To reconfigure your Netdata proxy using the ansible-netdata role, the following playbook can be used:

---
- hosts: netdata-proxies
  vars:
    netdata_configure_archive: true
    netdata_archive_enabled: 'yes'
    netdata_archive_type: 'opentsdb'
    netdata_archive_destination: ":4242"
    netdata_archive_prefix: 'netdata'
    netdata_archive_data_source: 'average'
    netdata_archive_update: 1
    netdata_archive_buffer_on_failures: 30
    netdata_archive_timeout: 20000
    netdata_archive_send_names: true
  roles:
    - role: ansible-netdata

The variables above tell netdata to:

  • Archive data to a backend
  • Enable said backend (as netdata only supports one at a time)
  • Configure the opentsdb protocol to send data
  • Configure the host and port to send to

Additionally, it configures some additional features:

  • Send data once a second
  • Keep 30 seconds of data in case of connection issues
  • Send field names instead of UUID
  • Specify connection timeout in milliseconds

Once this playbook has run, your netdata instance will start shipping data. Or, trying to anyways, we haven’t yet installed and configured InfluxDB to capture it. Let’s do that now.

InfluxDB - Install and configure InfluxDB

As discussed above, InfluxDB is a stable, reliable, timeseries database. Tuned for storing our metrics for long term trending. For this environment we are going to install a single small node. Optimizing and scaling are a topic in and of themselves. To ease installation and maintenance, InfluxDB will be installed using the ansible-influxdb role.

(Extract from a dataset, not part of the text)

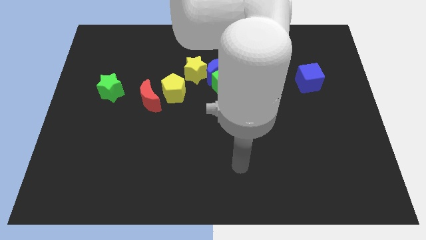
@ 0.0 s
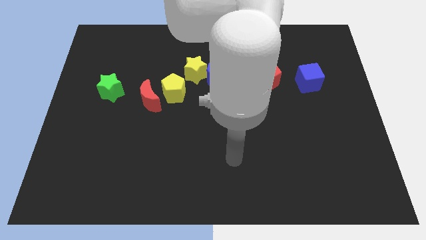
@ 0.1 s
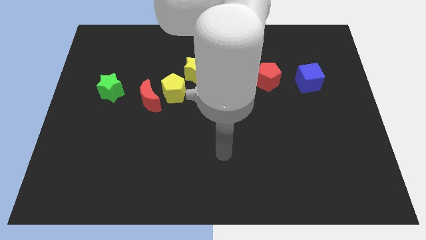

The following Ansible playbook configures the ansible-influxdb role to listen for opentsdb messages from our Netdata instance.

---
- hosts: influxdb
  vars:
    influxdb_config: true
    influxdb_version: 1.5.1
    influxdb_admin:
      enabled: true
      bind_address: "0.0.0.0"
    influxdb_opentsdb:
      database: netdata
      enabled: true
    influxdb_databases:
      - host: localhost
        name: netdata
        state: present
  roles:
    - role: ansible-influxdb

A quick breakdown of the settings supplied:

  • Configure influxdb rather than use the default config
  • Use influxdb 1.5.1
  • Enable the admin interface
  • Have InfluxDB listen for opentsdb messages and store them in the netdata database
  • Create the netdata database

After this playbook run is successful, you will have an instance of InfluxDB collecting stats from your Netdata proxy!

Did it work?

If both playbooks ran successfully, system metrics will be flowing something like this:

nodes ==> netdata-proxy ==> influxdb

You can confirm this by logging into your InfluxDB node and running the following commands:

Check that InfluxDB is running:

# systemctl status influxdb
● influxdb.service - InfluxDB is an open-source, distributed, time series database
   Loaded: loaded (/lib/systemd/system/influxdb.service; enabled; vendor preset: enabled)
   Active: active (running) since Sat 2018-04-14 18:29:03 UTC; 9min ago
     Docs: https://docs.influxdata.com/influxdb/
 Main PID: 11770 (influxd)
   CGroup: /system.slice/influxdb.service
           └─11770 /usr/bin/influxd -config /etc/influxdb/influxdb.conf

Check that the netdata database was created:

# influx
Connected to http://localhost:8086 version 1.5.1
InfluxDB shell version: 1.5.1
> SHOW DATABASES;
name: databases
name
----
netdata
_internal

Check that the netdata database is receiving data:

Connected to http://localhost:8086 version 1.5.1
InfluxDB shell version: 1.5.1
> use netdata;
Using database netdata
> show series;
key
---
netdata.apps.cpu.apps.plugin,host=netdata-01
netdata.apps.cpu.build,host=netdata-01
netdata.apps.cpu.charts.d.plugin,host=netdata-01
netdata.apps.cpu.cron,host=netdata-01
netdata.apps.cpu.dhcp,host=netdata-01
netdata.apps.cpu.kernel,host=netdata-01
netdata.apps.cpu.ksmd,host=netdata-01
netdata.apps.cpu.logs,host=netdata-01
netdata.apps.cpu.netdata,host=netdata-01
netdata.apps.cpu.nfs,host=netdata-01
netdata.apps.cpu.other,host=netdata-01
netdata.apps.cpu.puma,host=netdata-01
netdata.apps.cpu.python.d.plugin,host=netdata-01
netdata.apps.cpu.ssh,host=netdata-01
netdata.apps.cpu.system,host=netdata-01
netdata.apps.cpu.tc_qos_helper,host=netdata-01
netdata.apps.cpu.time,host=netdata-01
netdata.apps.cpu_system.apps.plugin,host=netdata-01

Summary

With that, you now have high resolution system metrics being collected and sent to InfluxDB for longer term storage, analysis, and more.